As I have suggested, references to the Way occur throughout the New Testament, particularly in the Gospels and Acts, but even the best English translations tend to pass over these references, usually by using multiple words – path, road, journey, and so on. I showed how extensive, and how subtle, were the uses of Way in Mark’s Gospel. Other writers were just as enthusiastic.

Of the 101 uses of the term in the New Testament, the vast majority – over 80 percent – occur in the gospels and Acts:

Matthew         22

Mark               16

Luke                20

John                4

Acts                20

Total                82       

As Luke and Acts constitute a two volume series, we note that this one author accounts for forty percent of uses. Occurrences are correspondingly rare in the epistles and Revelation.

I honestly don’t know why we find this imbalance, but it does have interesting implications for the emphases at work in different parts of the New Testament. I’m speculating, but might this reflect the particular function of the gospels/Acts, which were intended as introductory materials for new Christians who needed to be led into the Way, so to speak? Other texts, like the epistles, were intended for consumption by the already instructed. Or maybe the gospels/Acts were intended for more public reading, and that was a message the authors wanted to present to a general public?

Or might it mean that the term “the Way” enjoyed a vogue in particular times and places, which is where and when the gospels/Acts were written? It is interesting that Paul seems to know or care so little about the term. Might we suggest that “Way”-talk was not common in Jesus movement circles in the 40s-50s, but became popular and indeed standard from the 60s onwards, for whatever reason? As I say, I put no great weight on Paul’s silence, but it’s a thought.

Partly, we owe “Way”-talk to Mark himself, who used the concept repeatedly. That also meant that uses proliferated in Matthew and Luke, who incorporated most of Mark’s text.

But beyond using Mark, both added their own meanings. Matthew quotes Jesus as warning his listeners that “the gate is wide and the way [hodos] is easy that leads to destruction… for the gate is narrow and the road [hodos] is hard that leads to life.” This is exactly the parallel of dual ways that we have already seen in the Didache.

Luke also deployed the term extensively, to a degree that is only apparent when read in Greek. The Journey to Emmaus (Luke 24) offers a telling example. Jesus meets two people along the road, but they do not recognize him until they break bread together. The text actually says that they had already suspected something as they traveled with him, “while he was talking with us along the road [hodos], as he was opening the scriptures to us.” Put another way, believers know Jesus through belonging to his movement, as they travel his Way.

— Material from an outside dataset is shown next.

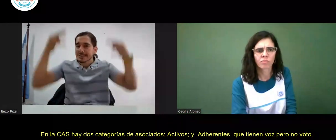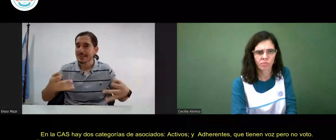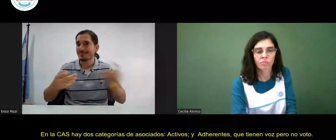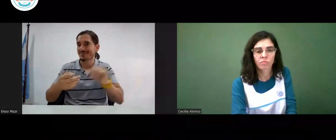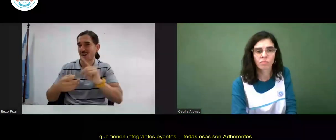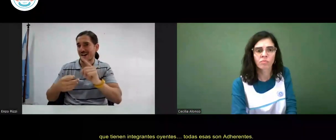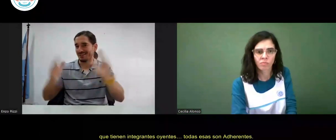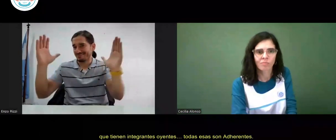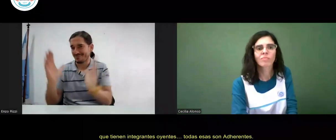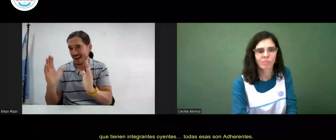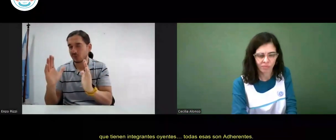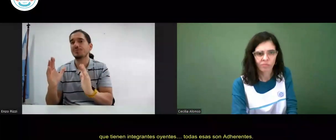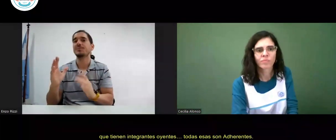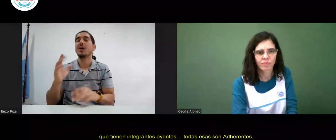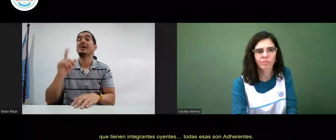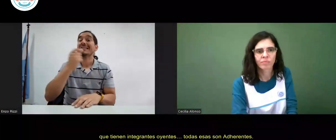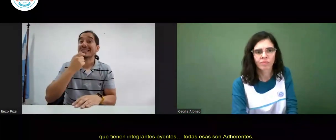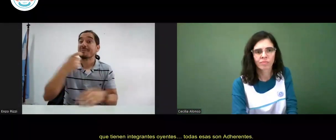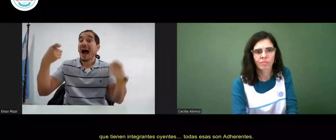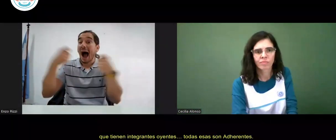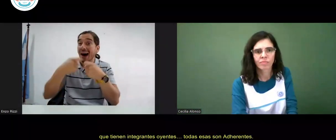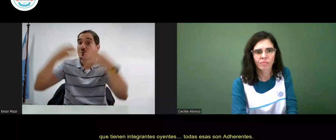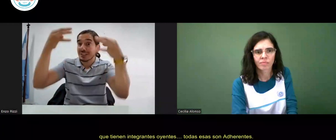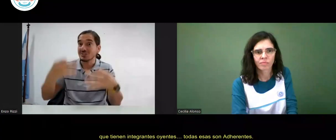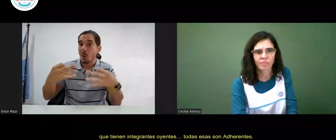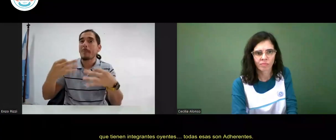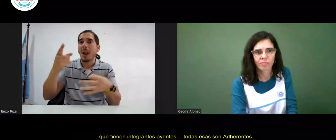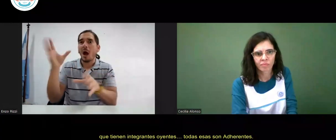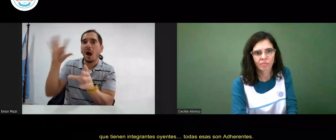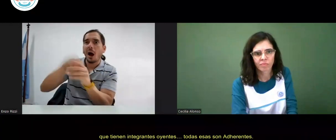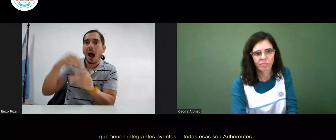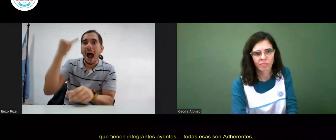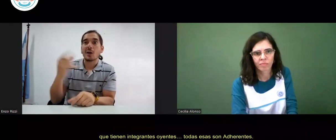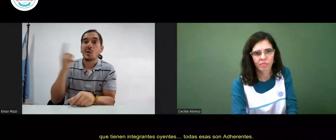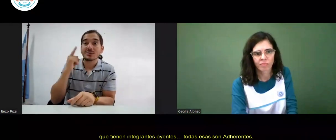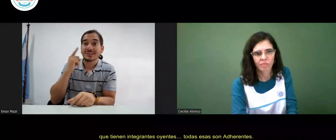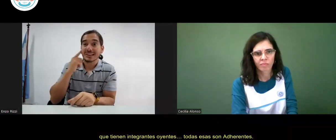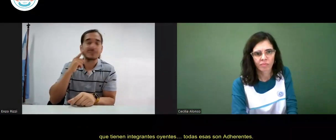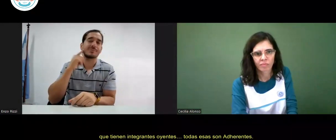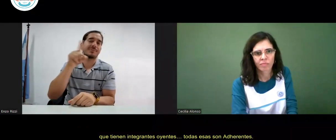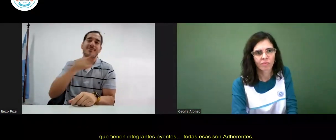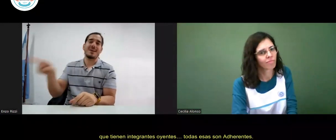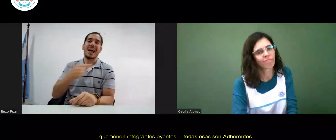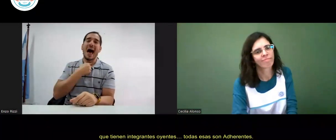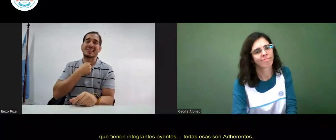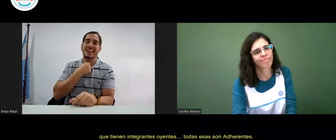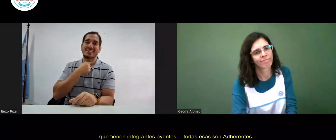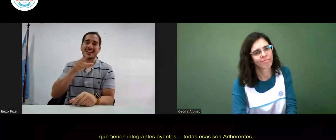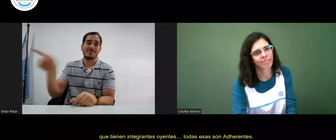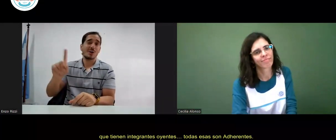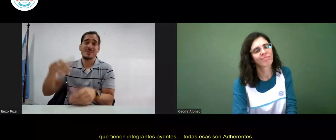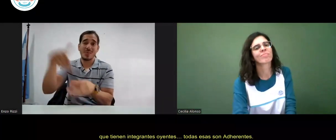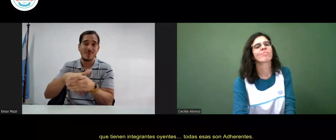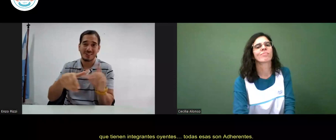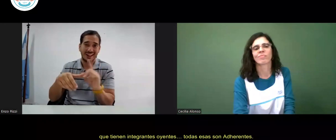asociaciones propiamente dichas o que tienen integrantes oyentes todas esas son adherentes

Sometimes, we really don’t know whether Luke meant the word solely as “road” in an uncomplicated literal sense, or if we are meant to have other implications in our minds. In the story of the Good Samaritan, for instance, we hear of the priest passing him by. The text actually reports that “a priest was going down that road [hodos] and when he saw him he passed by on the other side.” Is the reader meant to think that the priest was going down the wrong Way, rather than the one Jesus was advocating?

Way-talk reaches its culmination in Acts, where Luke plays repeatedly with the idea. In Acts 9, Saul/Paul travels to Damascus to seek out and arrest those of the Way, Jesus-followers. Blinded by his vision, he is healed in Damascus by a Christian who tells him of Lord Jesus, “who appeared to you on your way [hodos] here.” In Jerusalem, Barnabas tells the apostles how Saul had been converted along the way. We usually talk of the Road to Damascus, but it’s better to refer to it as a way. Paul began on the wrong way, but found the right one.

The word, and the implications, recur frequently. Later in his career, Paul faced trouble in Ephesus, where “no small difficulty had broken out concerning the Way.” In Jerusalem, the Jews plot to kill him “along the way.” Possibly the passage just states where they plan the ambush, but perhaps there is an additional level of meaning: they plan to kill him as he pursues his mission.

Sometimes roads are just roads; other times, they are not.